■ Goal of the exercise ■
An exact copy of every entry below is required, and no picture may appear in it.

■ Provided data ■
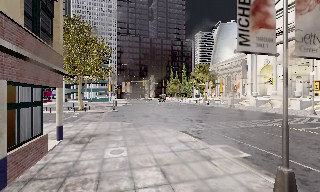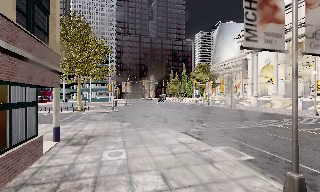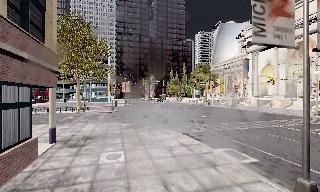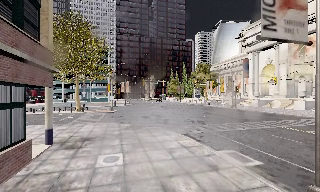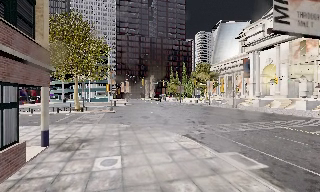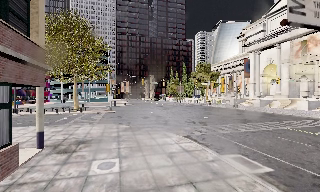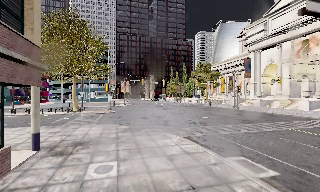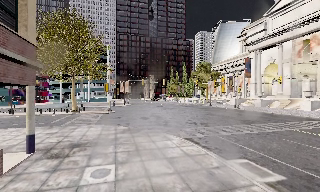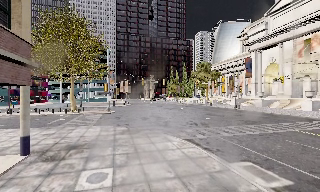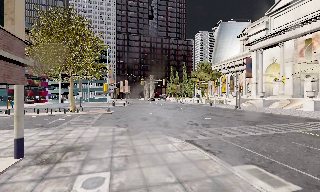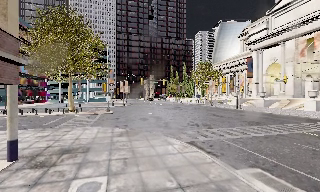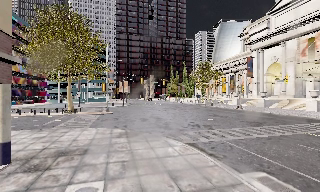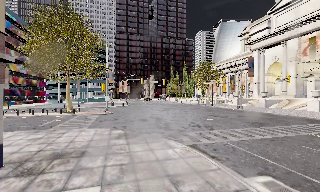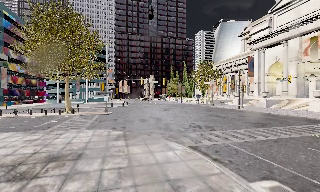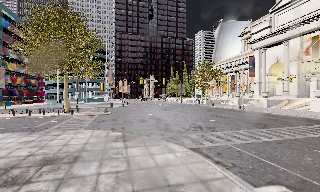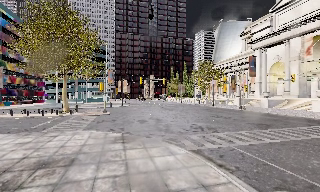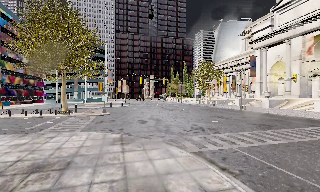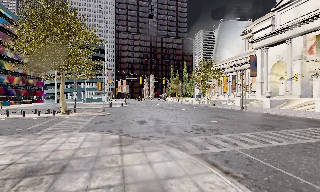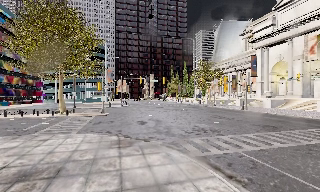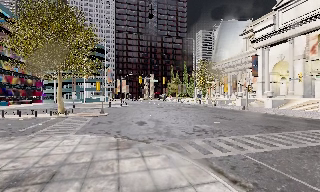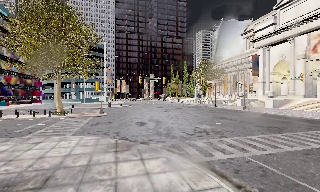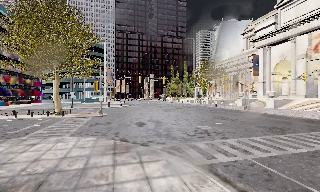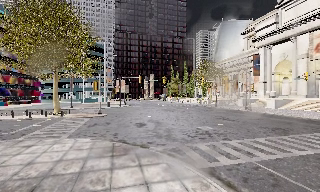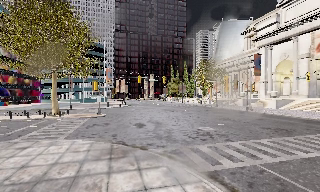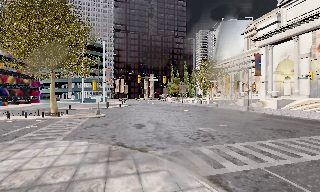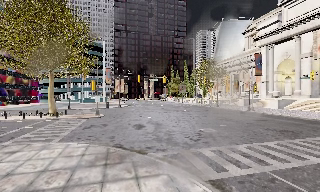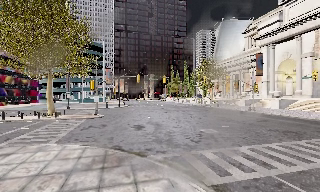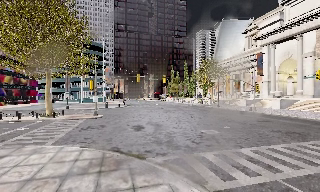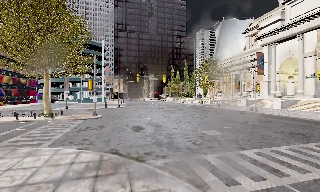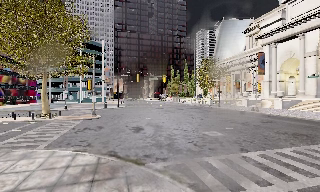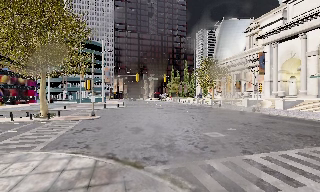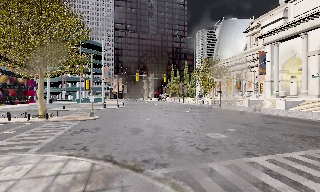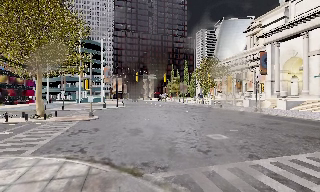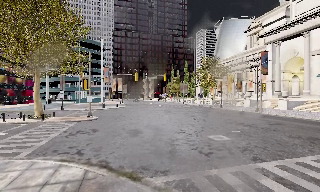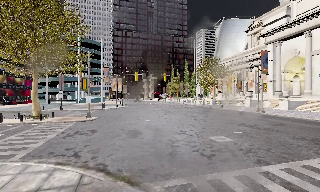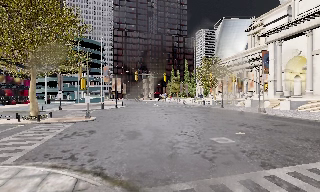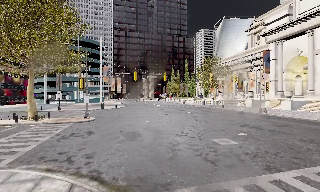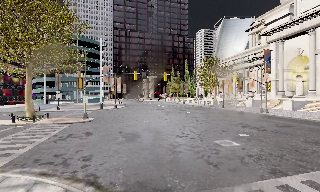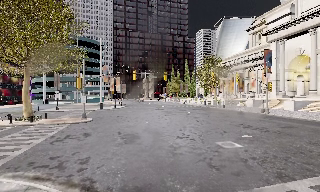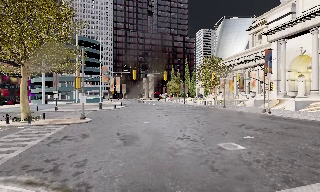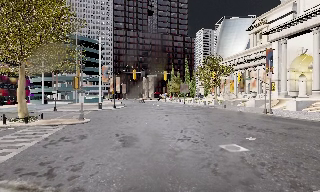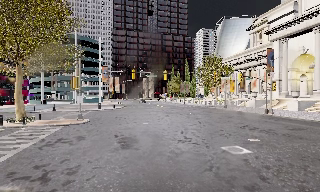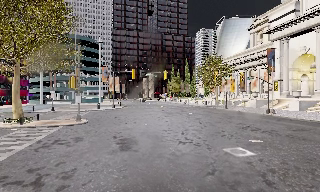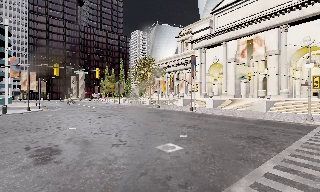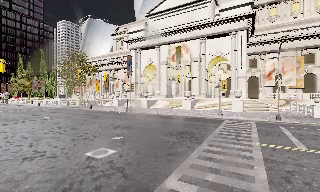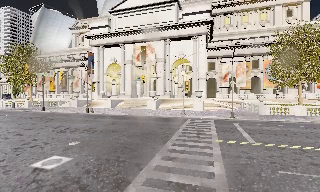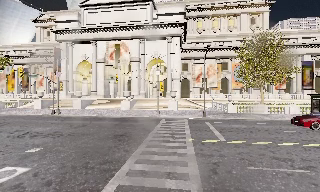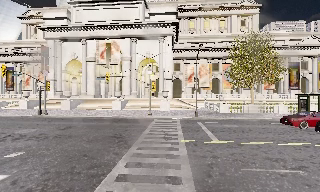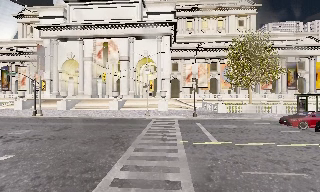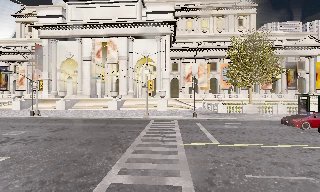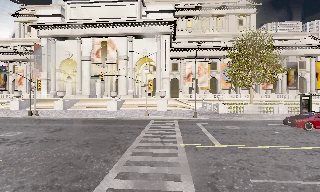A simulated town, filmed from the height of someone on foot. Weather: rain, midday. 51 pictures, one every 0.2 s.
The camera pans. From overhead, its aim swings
clockwise.
The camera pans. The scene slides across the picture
to the left.
0.0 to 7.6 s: The camera travels forward, about 11 m, so what stands in front looms larger.
7.6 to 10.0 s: The camera swings to its right by about 70 degrees, and the scene slides to the left. It travels forward, about 3.5 m.
The film runs forward here.

■ Answer section ■
A simulated town, filmed from the height of someone on foot. Weather: rain, midday. 51 pictures, one every 0.2 s.
The camera pans. From overhead, its aim swings
clockwise.
The camera pans. The scene slides across the picture
to the left.
0.0 to 7.6 s: The camera travels forward, about 11 m, so what stands in front looms larger.
7.6 to 10.0 s: The camera swings to its right by about 70 degrees, and the scene slides to the left. It travels forward, about 3.5 m.
The film runs forward here.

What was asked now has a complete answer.